Whatever Feldman could have been as a fighter became a moot point when he slipped outside a grocery store in Broomall and took a nasty fall. “The curb broke as I walked off it and I just fell,” he recalled. “I hit my neck and my head, messed my disk up.” He never fought again, at least in a sanctioned bout, and, despondent and angry about his adjusted circumstances, entered into what might be described as the infuriating and reprehensible phase of a topsy-turvy existence.

Although he tried his hand at promoting legitimate fight cards, five of which came off, Feldman proved to be less than an exemplary businessman as well as something of a loose cannon. He began drinking more heavily until it became a problem, although he is adamant in refusing to state he is or ever was an alcoholic.
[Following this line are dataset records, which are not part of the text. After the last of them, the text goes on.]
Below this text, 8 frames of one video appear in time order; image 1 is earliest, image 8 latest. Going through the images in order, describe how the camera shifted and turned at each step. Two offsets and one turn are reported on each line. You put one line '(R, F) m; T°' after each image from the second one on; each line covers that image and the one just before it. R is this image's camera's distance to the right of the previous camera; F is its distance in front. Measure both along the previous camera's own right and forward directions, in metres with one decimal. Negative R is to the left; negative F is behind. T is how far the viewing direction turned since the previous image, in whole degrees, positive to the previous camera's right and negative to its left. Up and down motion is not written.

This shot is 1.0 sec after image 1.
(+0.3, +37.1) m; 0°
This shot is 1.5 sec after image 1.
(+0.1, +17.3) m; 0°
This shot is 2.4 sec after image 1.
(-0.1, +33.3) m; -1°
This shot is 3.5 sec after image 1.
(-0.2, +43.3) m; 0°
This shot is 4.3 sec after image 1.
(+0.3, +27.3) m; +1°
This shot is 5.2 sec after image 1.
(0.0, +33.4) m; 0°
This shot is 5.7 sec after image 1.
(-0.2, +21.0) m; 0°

His promoter’s license was revoked by the Pennsylvania State Athletic Commission when, in 2005, an argument over tickets and money at a pre-fight meeting turned violent. The other promoter placed his hand upon an increasingly agitated Feldman, who scored a one-punch knockout with a left hook.

Even worse, in October 16, 2016, he struck a woman, with whom he had been involved romantically, several times with a closed fist and enough force that police, upon arriving at her home, found her bleeding from the nose, head and face.

Feldman served 13 months of a two-year jail sentence after pleading guilty to simple assault and recklessly endangering another person. He now says the incident that led to his incarceration was the “stupidest mistake of my life, but I learned from it and I came back. I’m not a quitter.”

So why is Feldman, who said this most recent redemptive chapter of his thick volume of ups and downs owes in large part to his parental devotion to his 12-year-old son and 16-year-old daughter, still as much or more of a celebrity as the D-Listers who populate his fight cards? It might be because, warts and all, he’s essentially an impassioned salesman of himself and his brand. He has been a guest on Howard Stern’s nationally broadcast radio program, at last count, 10 times and on Philadelphia drive-time sports station WIP, hosted by Stern’s Philly equivalent, Angelo Cataldi, perhaps 10 times that. Former Philadelphia Daily News gossip columnist Dan Gross regularly featured references to Feldman and any of his off-the-wall gimmicks because what else is a gossip column about?

Feldman’s first foray into Celebrity Boxing, in 1997, was limited in scope, the main event pitting Diego Ramos, a Philadelphia disc jockey, and John Bolaris, a weatherman for a Philly TV station. But Bolaris, a good-looking guy who got frequent mentions in Gross’ gossip column for his man-about-town squiring of a steady stream of beautiful and high-profile women, was the prototype of the type of participant Feldman knew could fill a 500- to 800-seat room. Bolaris would have been an even more surefire draw if his appearance had come 13 years later, when he was drugged by a couple of Russian bar girls working for an international crime syndicate in Miami’s South Beach. Seeking to confront the women, Bolaris met with them again, was slipped another roofie and awoke hours later with a pounding headache and $43,000 worth of charges on his American Express card. He contacted law enforcement officials, which led to 17 arrests, but instead of being hailed as a hero for the busting of so many nefarious types, as Bolaris had hoped, he was roundly derided for finding himself in such a humiliating situation and was fired by his station.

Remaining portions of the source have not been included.